It would not be any kind of exaggeration to say that a decent line of critical inquiry can always be opened up by asking a stupid question, a question any fifth grader would know. Critical thinking is, to invoke Jeff Foxworthy's popular show, not smarter than a fifth grader. For example, it doesn't know the difference between an old thing and a new thing. So it asks again, and when it asks, it's possible for it to find there another understanding than the one commonly shared. There's at least one another way that historical time, marked by a difference between old and new, can be understood. In a way, we can say that historical time is born in a moment that is not just one moment.
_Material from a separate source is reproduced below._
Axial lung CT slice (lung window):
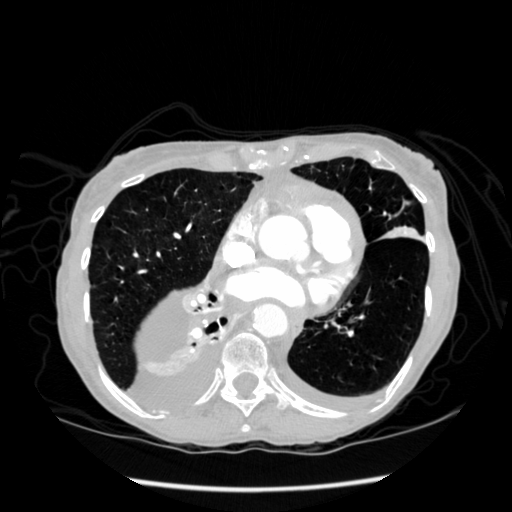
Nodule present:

This kind is actually several moments at once, it's actually past, present and future, occurring alongside each other in a densely compacted burst. In the history of music, it's an old song that sounds new and fresh now, and in a such a way that it seems to open up new artistic possibilities - that it seems to point towards a particular new space for exploration.
For example, I will say that 'Udu Wudu' by Magma is a great new old song.
Magma definitely counts as a band so weird that there's a good chance a lot of its work hasn't really arrived yet, as they say, a lot of it remains like a destinal arrow that has been arc'ed for a long one into the future. Masterminded by drummer Christian Vander, Magma's music centers around a complex sci-fi narrative about colonizing another planet, and is sung in an alien argot of Vander's devising.
One work by Magma whose arrow has yet to land is clearly present in this clip, from TV 1978. Not joking, you should probably not watch this whole thing. It's just too bugged. Watch like, two minutes of it. You will get the idea and will avoid the chance of getting sucked into a furious French prog vortex. Such is the nature of the future - you shouldn't look headlong into it any longer than you should stare at the sun, no matter that lingering urge you have, deriving from that nerve twitch you have in the back of your skull, where neck meets spine, which would love nothing more than to one day look right at the solar orb until your pupils melt.